During the relevant time in September, I discovered CVE-2019-18672 and several smaller issues and disclosed them as well. As with previous reports, they assigned clear internal issue identifiers for each distinct issue. This is helpful to keep track of vulnerabilities and reference then in internal and public reports - even more so when reporting half a dozen vulnerabilities at once!
I also value the fact that I was able to give feedback on their planned patches before the release.

They shipped a fixed release within 19 days of the disclosure, which is a fairly good response time for firmware issues in my opinion.

As discussed with ShapeShift in multiple emails during the disclosure process, I highly recommend publishing a reasonable number of details about the fixed vulnerabilities either with the release or soon after in a separate article.
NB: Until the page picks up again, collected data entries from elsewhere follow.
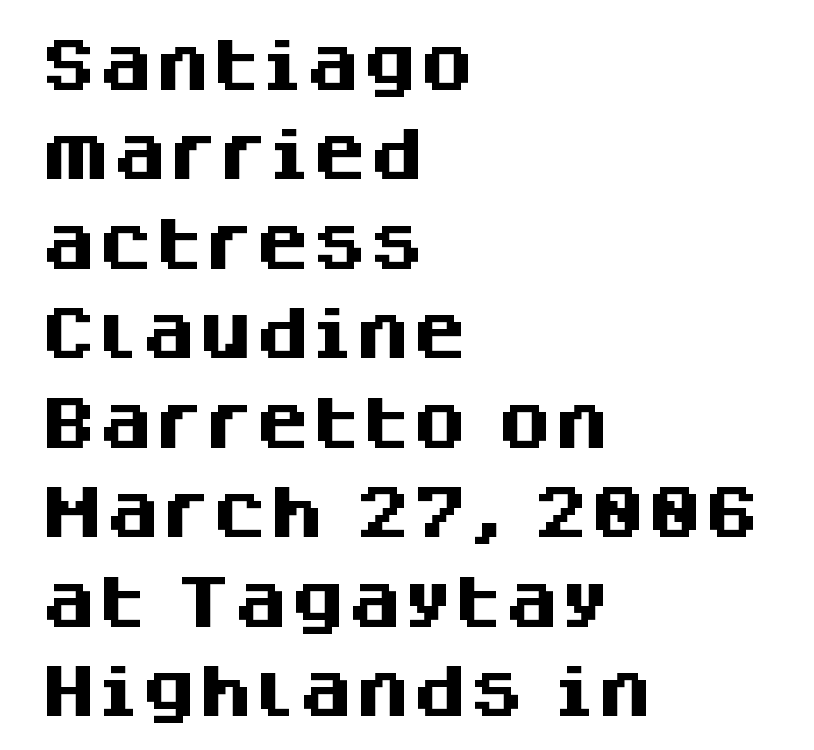
{"serif": "no", "italic": "no", "bold": "yes", "weight": "heavy", "width": "normal", "stroke_contrast": "medium", "x_height": "large", "monospaced": "no", "underline": "no", "align": "left", "line_spacing": "normal", "line_spacing_ratio": 1.57, "letter_spacing": "normal", "letter_spacing_em": 0.0, "glyph_px": 57}
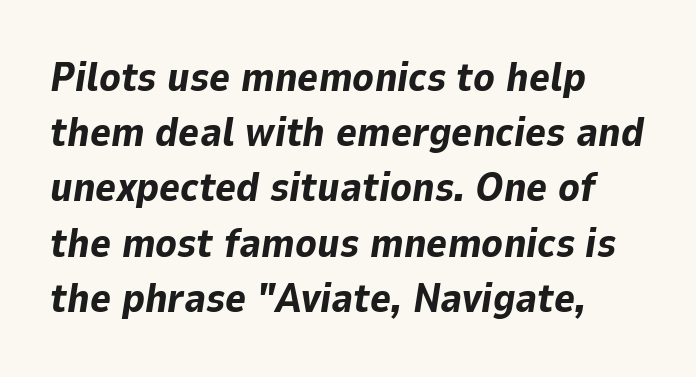
Observe the lean: these are italic letterforms. If you measured baseline to baseline, you'd find a middling distance. Characters follow at the spacing the type designer built in. Note the varied advance widths — an 'i' is clearly narrower than an 'm'.
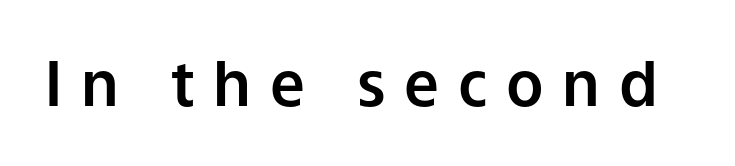
{"serif": "no", "italic": "no", "width": "normal", "stroke_contrast": "low", "x_height": "medium", "monospaced": "no", "underline": "no", "letter_spacing": "wide", "letter_spacing_em": 0.3, "glyph_px": 62}
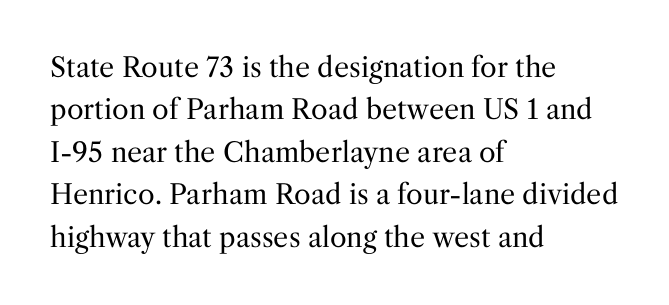
Characters follow at the spacing the type designer built in. Where is the straight margin? On the left. Weight: regular or lighter. Check the space under the baseline: it is left empty. Each new line begins a customary step beneath the previous one.
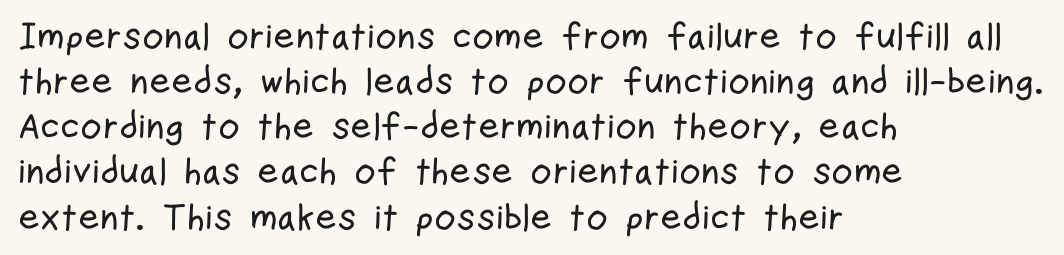
Type without underlining. Style check: upright. A typesetter would label this face a sans. Note the varied advance widths — an 'i' is clearly narrower than an 'm'.
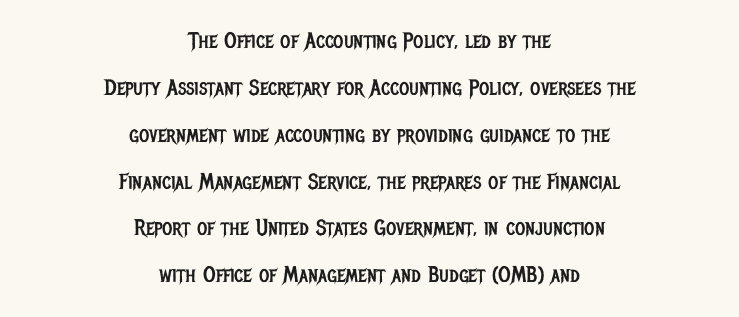
The lines are quadded center. The axis of the letterforms is exactly vertical. Is this a heavy cut? Hardly; it is regular or lighter. The baseline area is clear. You could fit nearly another row in the gap between these rows. In terms of letterspacing, this is plain default setting.
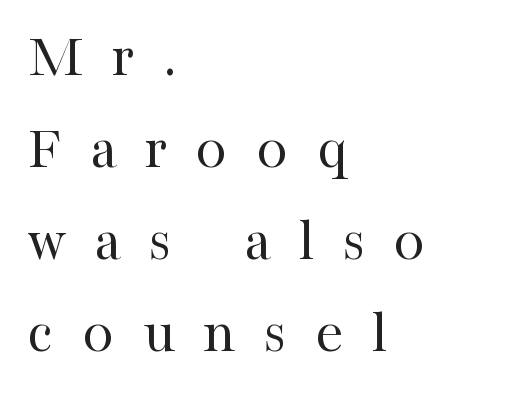
No extra ink here — the face is not bold. The area under the type is left untouched. Ordinary non-slanted type is in use. Evenly set lines give the paragraph a standard silhouette. The letters carry serifs — small finishing strokes at the ends of their stems.
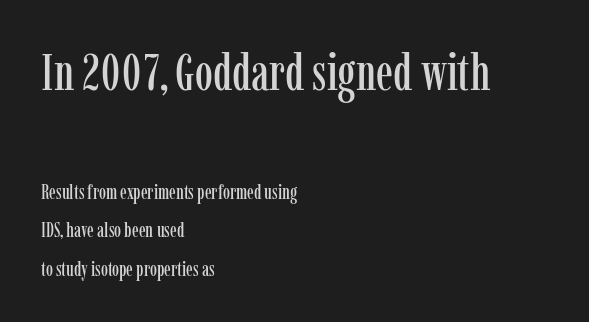
The space between consecutive lines is lavish. Between one letter and the next there's only the usual sliver of space. Is this a fixed-width face? No — the glyphs have proportional, varying widths. Old-style or modern, the face here clearly has serifs. A typesetter would mark this as roman, not italic. The letters in the upper block stand taller than those in the block below.
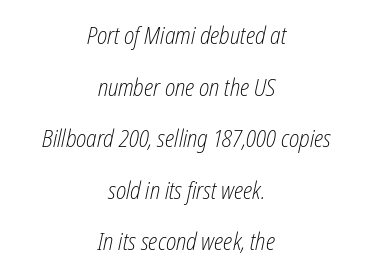
Q: Is the text bold? A: No.
Q: Is the text italic (slanted)? A: Yes, it leans right by about 12 degrees.
Q: Is the text underlined? A: No.
Q: How is the paragraph aligned? A: Centered.
Q: Is the spacing between letters normal or unusually wide? A: Normal.
Q: Is the spacing between lines tight, normal or loose? A: Loose.
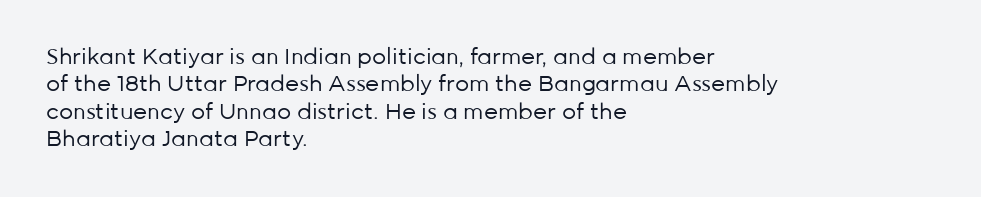
Rendered with straight, roman letterforms. Weight: not bold — regular or lighter. Words appear dense and cohesive because spacing is normal. Horizontal alignment here is leftward, the default for most running prose. A clean baseline with only descenders dipping below it.
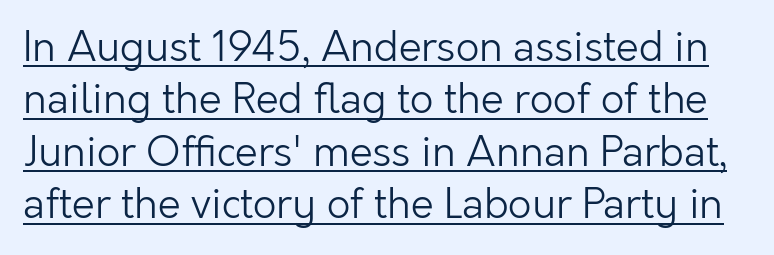
Q: Is the text bold? A: No.
Q: Is the text italic (slanted)? A: No, it is upright.
Q: Is the typeface a serif or a sans-serif typeface? A: Sans-serif.
Q: Is the text underlined? A: Yes.
Q: Is the spacing between letters normal or unusually wide? A: Normal.
Q: Is the spacing between lines tight, normal or loose? A: Normal.
Q: Width (condensed, normal, or wide)? A: Normal.
Q: Stroke contrast? A: Low.
Q: x-height? A: Medium.
Q: Monospaced? A: No.
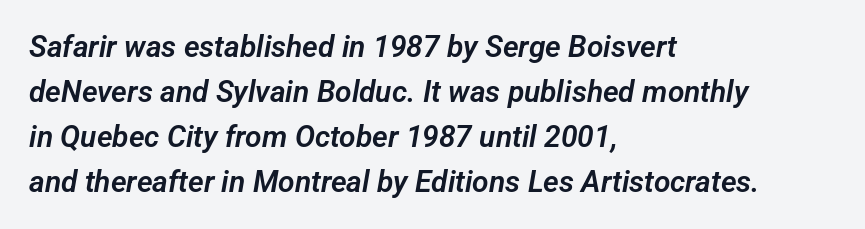
Each word holds together tightly as a unit, with standard inter-letter gaps. These lines are rendered in a variable-pitch font. Line spacing here is normal. Nope, no serifs anywhere on these letters. Check under the words: just untouched page.
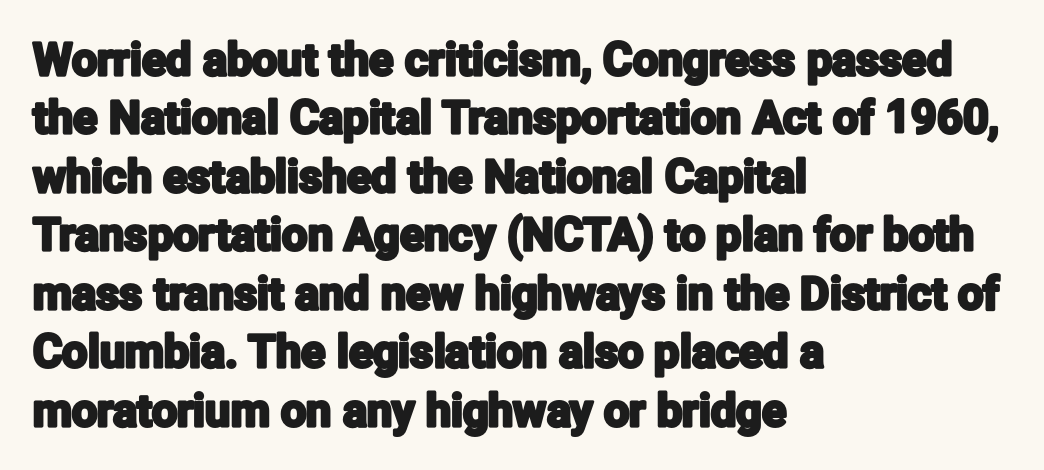
Interline gaps are of average width in this sample. Honestly, the letter spacing is just normal — you wouldn't notice it. You could not count columns in this text — the font is proportionally spaced. Teacher's note: observe the even left margin — that is flush-left alignment. Type without underlining.
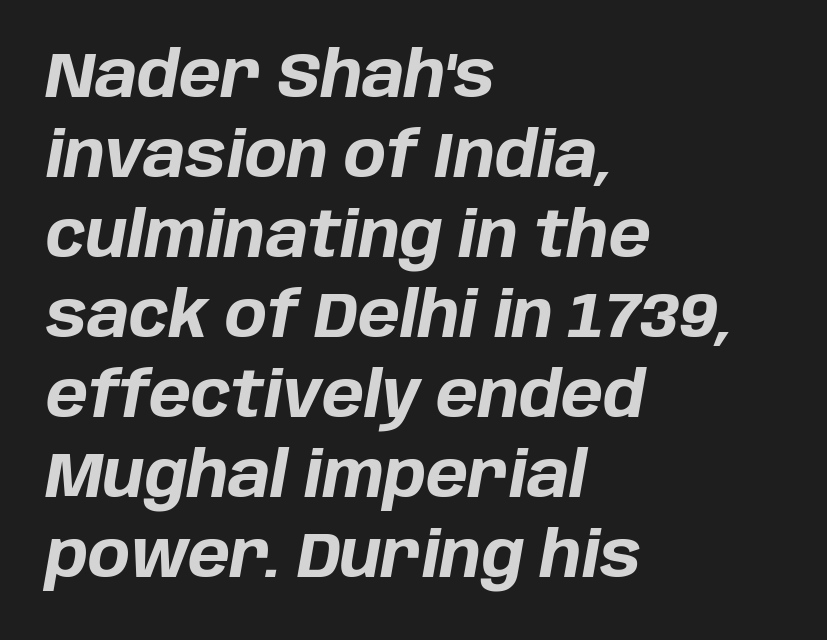
Q: Is the text bold? A: Yes.
Q: Is the text italic (slanted)? A: Yes, it leans right by about 10 degrees.
Q: Is the text underlined? A: No.
Q: How is the paragraph aligned? A: Left-aligned.
Q: Is the spacing between letters normal or unusually wide? A: Normal.
Q: Is the spacing between lines tight, normal or loose? A: Normal.
Q: Width (condensed, normal, or wide)? A: Normal.
Q: Stroke contrast? A: Low.
Q: x-height? A: Large.
Q: Monospaced? A: No.
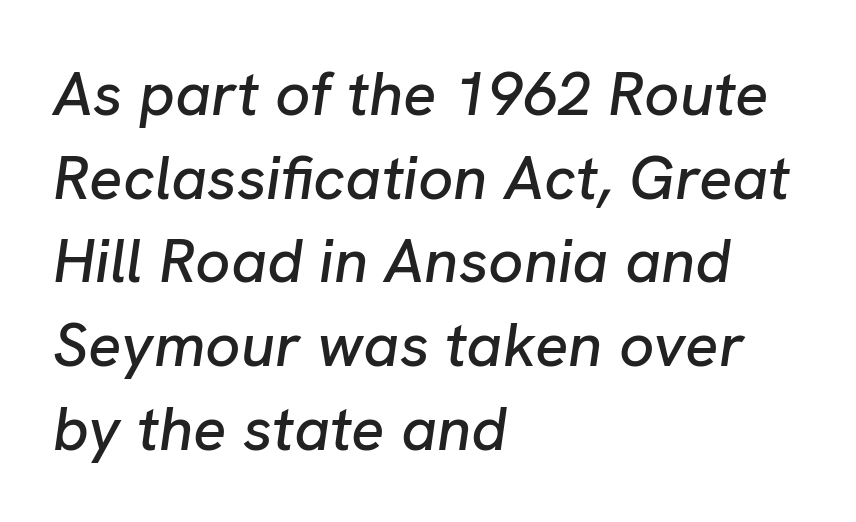
The image shows 62 px text type, italic (leaning right); set left-aligned, normal line spacing (1.35x), normal letter spacing, not underlined; low stroke contrast and a medium x-height.
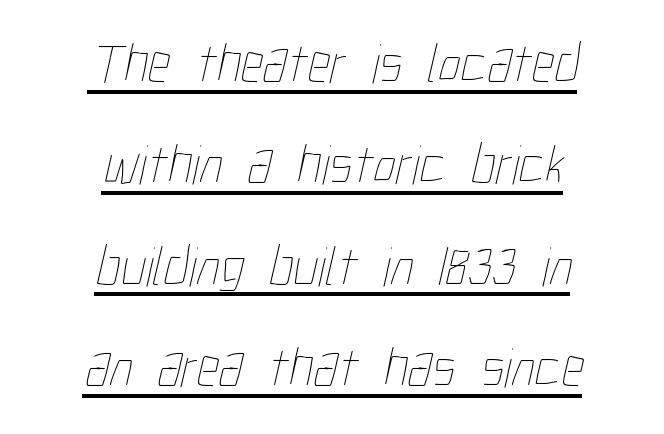
Nobody touched the tracking dial on this one. The lines are quadded center. Proportional: the letters do not fall into vertical columns. The lettering is marked with a stroke running underneath it. This reads as an unemphasized weight, regular at the heaviest.
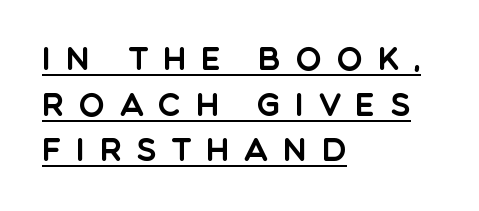
{"serif": "no", "italic": "no", "width": "normal", "x_height": "large", "monospaced": "no", "underline": "yes", "align": "left", "line_spacing": "normal", "line_spacing_ratio": 1.47, "letter_spacing": "wide", "letter_spacing_em": 0.47, "glyph_px": 31}
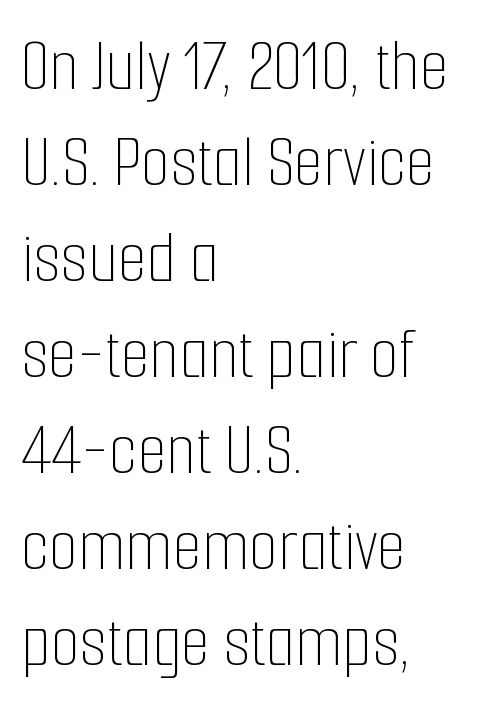
The image shows 75 px thin, condensed type, upright; set left-aligned, normal line spacing (1.28x), normal letter spacing, not underlined; low stroke contrast and a medium x-height.
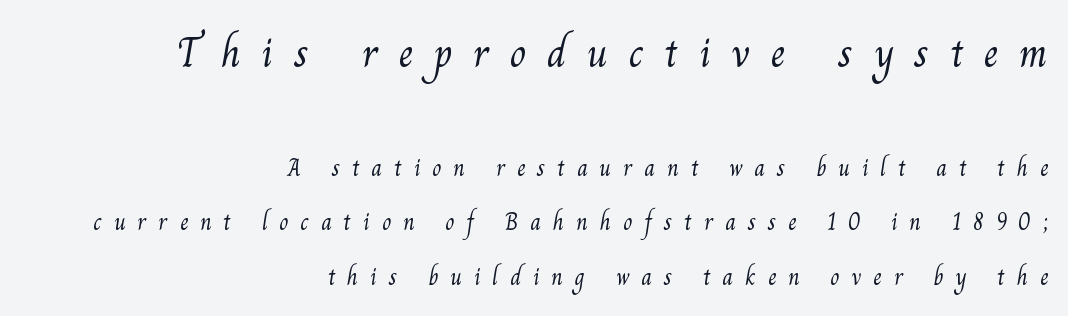
The block sitting higher on the canvas is the one with enlarged characters. Each letter keeps its own natural width here, so spacing adapts to shape. The letters look calm and open, with moderate or lighter stems. The space between consecutive lines is lavish.
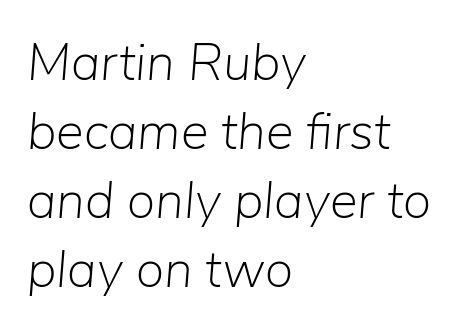
Q: Is the text bold? A: No.
Q: Is the text italic (slanted)? A: Yes, it leans right by about 5 degrees.
Q: Is the text underlined? A: No.
Q: How is the paragraph aligned? A: Left-aligned.
Q: Is the spacing between letters normal or unusually wide? A: Normal.
Q: Is the spacing between lines tight, normal or loose? A: Normal.
Q: Width (condensed, normal, or wide)? A: Normal.
Q: Stroke contrast? A: Low.
Q: x-height? A: Medium.
Q: Monospaced? A: No.
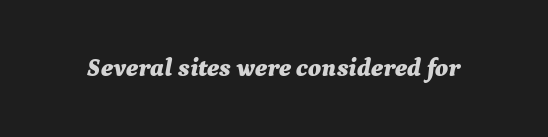
Letters rest on an invisible, unmarked baseline. Italic? Definitely — the glyphs are oblique. Thick stems and heavy bowls — unmistakably bold. Honestly, the letter spacing is just normal — you wouldn't notice it.
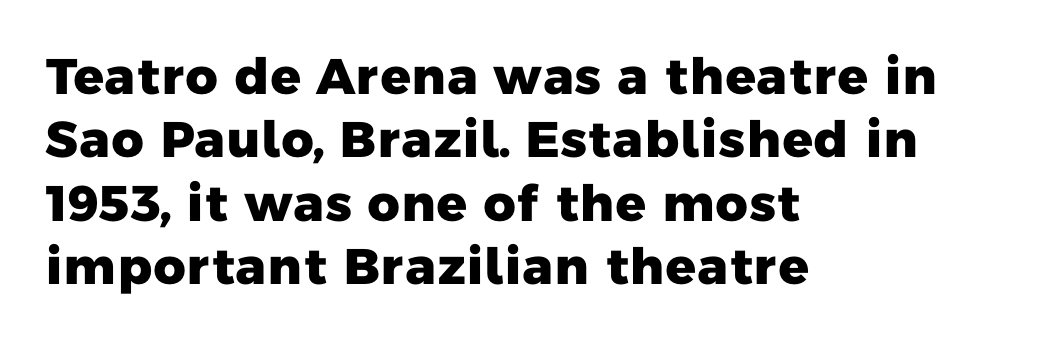
The image shows 50 px heavy sans-serif type; set left-aligned, normal line spacing (1.27x), normal letter spacing, not underlined; low stroke contrast and a medium x-height.
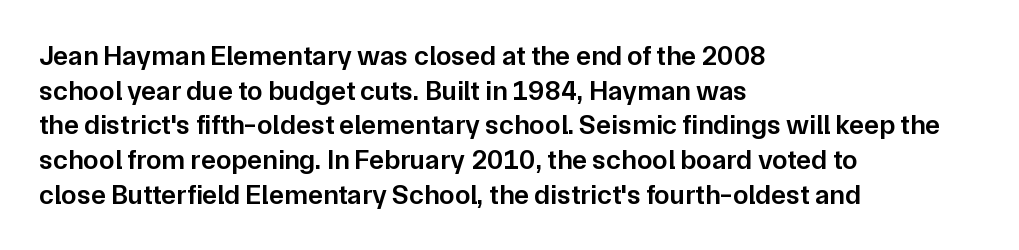
The specimen omits any rule beneath the text block's lines. The letters advance in unequal steps, a hallmark of proportional type. When letters stand straight like this, we call the style roman or upright. Heft: intermediate — a semibold.
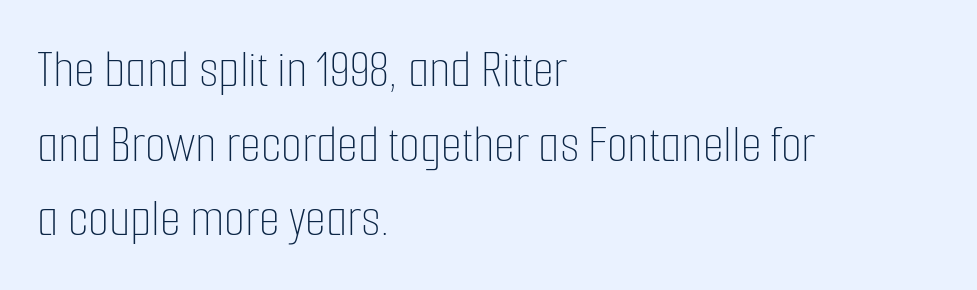
Stems and bowls with no extra thickness — not bold. This rendering uses left alignment, leaving the right contour irregular. Regular leading. Each letter keeps its own natural width here, so spacing adapts to shape. Clear beneath every line of the passage.
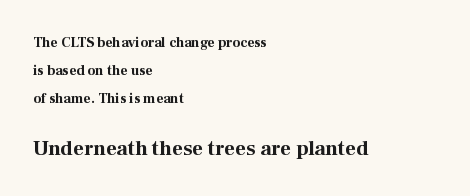
You'd pick this weight for a headline — it's a proper bold. Check under the words: just untouched page. The designer dialed line spacing up above the default. Tracking here is standard; glyphs follow each other at the usual distance. Posture: straight, roman, zero tilt.
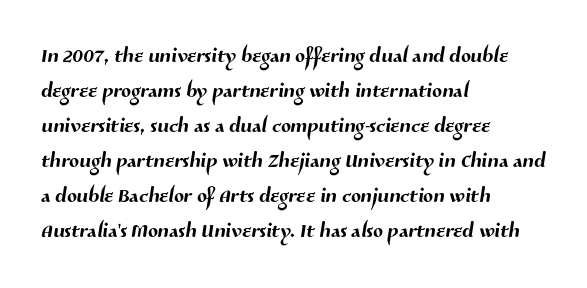
The image shows 29 px sans-serif type; set left-aligned, line spacing 1.21x, normal letter spacing, not underlined; medium stroke contrast and a medium x-height.

I realize that the release of security fixes is a stressful time and the release of accompanying disclosure articles easily get pushed back a few days behind schedule.

Nevertheless, public security patches essentially give away the vulnerability to malicious actors but not to customers. They might not prioritize the upgrade soon enough without knowing its importance. In my opinion, the benefit of substantially delayed publication of relevant information on publicly fixed vulnerabilities is therefore questionable. For more context on this topic, I recommend the Google Project Zero FAQ.

After the initial analysis phase had been completed, I decided that this issue was relevant enough to request a CVE ID from MITRE and ShapeShift was supportive of this step. The CVE assignment itself went quickly and smoothly. See the references below for the technical information.

Relevant product

product source fixed version vendor references CVE
ShapeShift KeepKey GitHub v6.2.2 via patch disclosure post, release notes , VULN-1969 CVE-2019-18671

Detailed timeline

Date info
2019-09-01 Confidential disclosure to ShapeShift
2019-09-03 ShapeShift acknowledges the report
2019-09-11 ShapeShift assigns VULN-1969, severity assessment: critical
2019-09-15 ShapeShift proposes a patch
2019-09-19 ShapeShift releases firmware v6.2.2
2019-09-19 ShapeShift publishes v6.2.2 release announcement
2019-11-02 CVE requested from MITRE
2019-11-02 MITRE assigns CVE-2019-18671
2019-12-04 ShapeShift publishes disclosure post for v6.2.2
2019-12-04 The CVE-2019-18671 details are published

Note: previous versions of this timeline included the wrong year.

Bug bounty

ShapeShift provided a bug bounty for this issue.